Mantícora & American factory

QUÉ DECIR DE

Desentrañar la naturaleza del mal ha sido una de las obsesiones que ha perseguido el cine casi desde sus inicios. Pensemos, como ejemplo, en la famosa M, el vampiro de Düsseldorf, la obra maestra del austriaco Fritz Lang. Con un inolvidable Peter Lorre a la cabeza del reparto, Lang no se conformaba en aquella película con construir un relato de crímenes (recordemos brevemente el argumento: un asesino de niñas anda suelto por la ciudad de Berlín, lo que provoca que, incitados por las instituciones, se organice una cacería para detenerlo), sino que, entre otras interpretaciones, describía un espacio físico y sociológico concreto: una gran urbe, ya moderna, en la que el sujeto anónimo pasa desapercibido entre la masa alienada, mientras dirime sus miserias en oscura y discreta soledad.

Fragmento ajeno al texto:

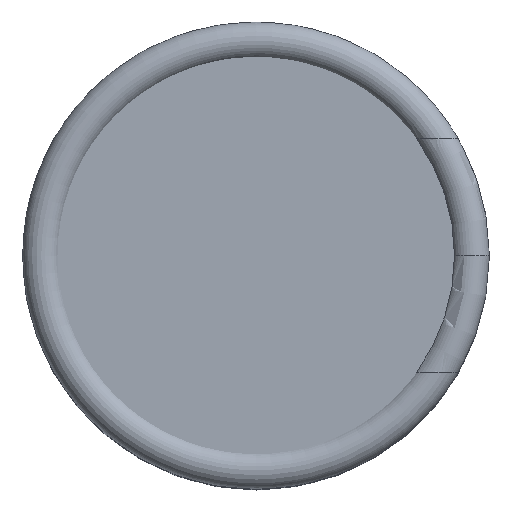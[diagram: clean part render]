
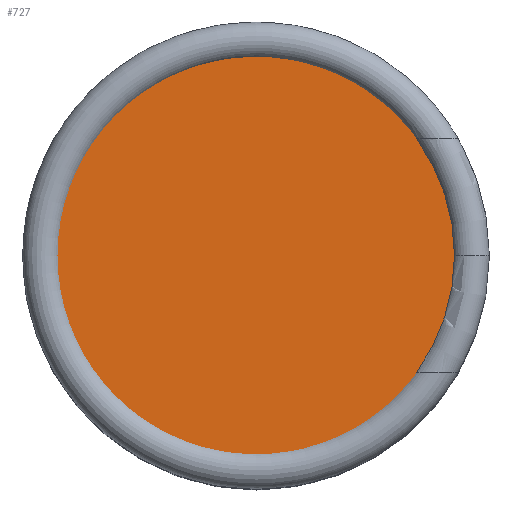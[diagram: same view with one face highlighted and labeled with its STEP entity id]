
A CAD part, top view. The second image highlights one B-rep face of the part: STEP entity #727.
In plain terms, the highlighted planar face has unit normal (0, 0, 1).
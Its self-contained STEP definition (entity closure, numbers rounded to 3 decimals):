
#698 = EDGE_CURVE('',#699,#699,#701,.T.);
#699 = VERTEX_POINT('',#700);
#700 = CARTESIAN_POINT('',(5.75,0.,14.75));
#701 = CIRCLE('',#702,5.75);
#702 = AXIS2_PLACEMENT_3D('',#703,#704,#705);
#703 = CARTESIAN_POINT('',(0.,0.,14.75));
#704 = DIRECTION('',(0.,0.,1.));
#705 = DIRECTION('',(1.,0.,0.));
#727 = ADVANCED_FACE('',(#728),#731,.T.);
#728 = FACE_BOUND('',#729,.T.);
#729 = EDGE_LOOP('',(#730));
#730 = ORIENTED_EDGE('',*,*,#698,.T.);
#731 = PLANE('',#732);
#732 = AXIS2_PLACEMENT_3D('',#733,#734,#735);
#733 = CARTESIAN_POINT('',(0.,0.,14.75));
#734 = DIRECTION('',(0.,0.,1.));
#735 = DIRECTION('',(1.,0.,0.));

Mantícora, cuarto trabajo largo del madrileño Carlos Vermut, nos presenta a Julián, un joven diseñador de criaturas monstruosas para videojuegos. Nos situamos, de nuevo, en otra gran ciudad: Madrid. En un amplio piso del centro, Julián prepara sus creaciones con un programa de modelado para el que emplea unas gafas de realidad virtual. Su vida trascurre, así, entre las cuatro paredes de su estudio, alguna salida con compañeros de empresa y citas para reuniones de trabajo. Un día, esta aparente normalidad en la que vive se ve perturbada cuando descubre que la casa de sus vecinos está sufriendo un aparatoso incendio. Y lo peor: en el interior de la vivienda hay un niño que no sabe cómo abrir la puerta y escapar de las llamas. Decidido, Julián logrará tirar la puerta abajo y rescatarlo, recibiendo más tarde por ello el agradecimiento de su madre y de la policía. Pero algo no marcha bien: esa misma noche, Julián sufre un ataque de ansiedad. Se ha despertado un monstruo.

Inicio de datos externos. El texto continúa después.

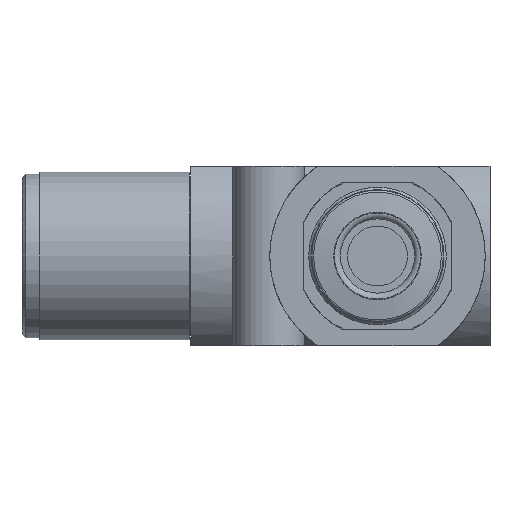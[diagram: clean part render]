
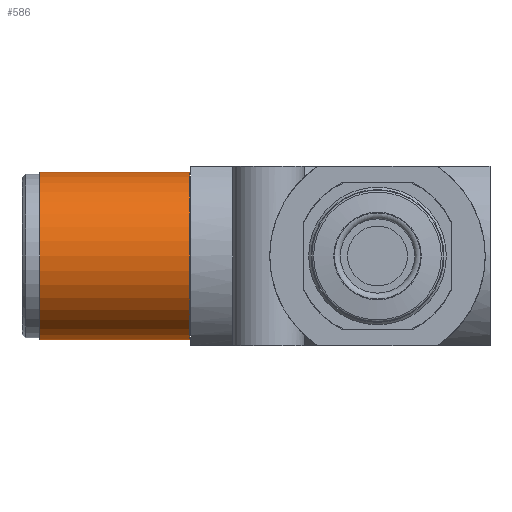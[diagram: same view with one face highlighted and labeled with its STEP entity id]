
A CAD part, left-side view. The second image highlights one B-rep face of the part: STEP entity #586.
In plain terms, the highlighted cylindrical face has radius 7 mm (diameter 14 mm), a full revolution.
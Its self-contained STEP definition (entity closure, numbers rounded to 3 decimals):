
#586 = ADVANCED_FACE( '', ( #1279, #1280 ), #1281, .T. );
#1279 = FACE_OUTER_BOUND( '', #2098, .T. );
#1280 = FACE_OUTER_BOUND( '', #2099, .T. );
#1281 = CYLINDRICAL_SURFACE( '', #2100, 7. );
#2098 = EDGE_LOOP( '', ( #3500 ) );
#2099 = EDGE_LOOP( '', ( #3501 ) );
#2100 = AXIS2_PLACEMENT_3D( '', #3502, #3503, #3504 );
#3500 = ORIENTED_EDGE( '', *, *, #5134, .F. );
#3501 = ORIENTED_EDGE( '', *, *, #5135, .T. );
#3502 = CARTESIAN_POINT( '', ( 0., 0., 0. ) );
#3503 = DIRECTION( '', ( 0., 1., 0. ) );
#3504 = DIRECTION( '', ( 0., 0., -1. ) );
#5134 = EDGE_CURVE( '', #6268, #6268, #6269, .T. );
#5135 = EDGE_CURVE( '', #6270, #6270, #6271, .T. );
#6268 = VERTEX_POINT( '', #7995 );
#6269 = CIRCLE( '', #7996, 7. );
#6270 = VERTEX_POINT( '', #7997 );
#6271 = CIRCLE( '', #7998, 7. );
#7995 = CARTESIAN_POINT( '', ( 0., 7.7, -7. ) );
#7996 = AXIS2_PLACEMENT_3D( '', #9102, #9103, #9104 );
#7997 = CARTESIAN_POINT( '', ( 0., 20.2, -7. ) );
#7998 = AXIS2_PLACEMENT_3D( '', #9105, #9106, #9107 );
#9102 = CARTESIAN_POINT( '', ( 0., 7.7, 0. ) );
#9103 = DIRECTION( '', ( 0., -1., 0. ) );
#9104 = DIRECTION( '', ( 0., 0., -1. ) );
#9105 = CARTESIAN_POINT( '', ( 0., 20.2, 0. ) );
#9106 = DIRECTION( '', ( 0., -1., 0. ) );
#9107 = DIRECTION( '', ( 0., 0., -1. ) );

Vermut logra abordar un tema ya algo trillado desde un punto de vista novedoso y original. Transformar las limitaciones en ventajas, podríamos decir en referencia a la consciente modestia de una producción que consigue convertir los inconvenientes en su principal ventaja estética y discursiva, volcándose por construir un aparato, en apariencia, sencillo, pero muy complejo en su ambición por indagar en lo más íntimo de la psicología de sus personajes. Para lograrlo, Vermut no necesita de grandes golpes de efecto que enfaticen lo, en otros casos, obvio. Eso no le interesa. Lo que le interesa, como ocurría en la película de Lang, es entrar en la cotidianidad de ese sujeto “monstruoso” que retrata para compartir con él su día a día. Así, tras el incendio, la vida de Julián se ve también trastocada cuando, en una fiesta de despedida de su empresa, conoce a Diana, una chica con la que inicia una relación. Diana vive un doble drama: superar otra relación tóxica con otro hombre, mientras tiene que cuidar de su padre, postrado en cama tras sufrir un ictus. Veremos pues a Julián y a Diana cenando juntos, paseando por el parque, yendo al cine, etc. En estos encuentros, comparten confidencias y se van conociendo mejor. Sin embargo, debajo de todas estas situaciones palpita una lucha sorda entre Julián y una pulsión que le está consumiendo por dentro. Julián trata de resistirse a esa pulsión, apenas liberada cuando piensa que nadie le mira.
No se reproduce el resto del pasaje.